De 150 à 200 personnes sont venues samedi apporter leur soutien à l'Elysée Montmartre, la célèbre salle de spectacles du XVIIIe arrondissement qui a été ravagée par un incendie le 22 mars, a constaté une journaliste de l'AFP.

Répondant à l'appel des salariés, beaucoup de leurs amis et des anonymes se sont rassemblés devant la façade, seule partie de la salle encore intacte après l'incendie, pour une « photo de famille » de soutien au maintien de cette salle de spectacles dans le quartier.

Sur la grille de l'entrée de l'Elysée Montmartre une rose blanche avait été glissée entre les barreaux.

« On savait qu'on comptait parmi les salles parisiennes, cela fait 23 ans qu'on faisait ce boulot.
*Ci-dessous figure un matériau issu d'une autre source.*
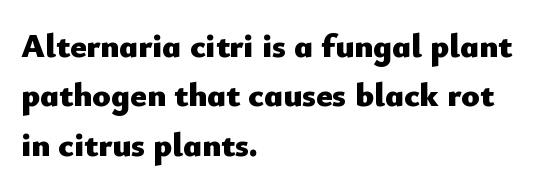
Notice how descenders clear the ascenders below comfortably — that's standard leading. Stroke terminals: plain, sans-serif. In terms of letterspacing, this is plain default setting. Only glyphs here, with clear space below each row.

Mais savoir qu'il y a autant de gens qui sont touchés c'est incroyable », s'est réjoui le gestionnaire et président de Garance Production, Gérard Michel, interrogé par l'AFP.

« Ce qui est dommage c'est qu'il ait fallu que ça brûle pour avoir cette reconnaissance », a-t-il déploré.
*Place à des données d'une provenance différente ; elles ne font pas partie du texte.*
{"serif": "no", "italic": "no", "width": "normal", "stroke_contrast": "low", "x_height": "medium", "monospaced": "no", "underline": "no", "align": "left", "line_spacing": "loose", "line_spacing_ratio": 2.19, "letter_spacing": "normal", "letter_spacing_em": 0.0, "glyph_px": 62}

Aucun calendrier précis pour l'avenir de cette salle n'a été avancé, selon lui. « Il va y avoir les assureurs, et les experts qui décideront si la salle est reconstructible (...) et puis les discussions avec le propriétaire des murs », a-t-il précisé.

La société foncière propriétaire avait entamé une procédure d'éviction à l'encontre du gestionnaire mais est prête à négocier, selon lui.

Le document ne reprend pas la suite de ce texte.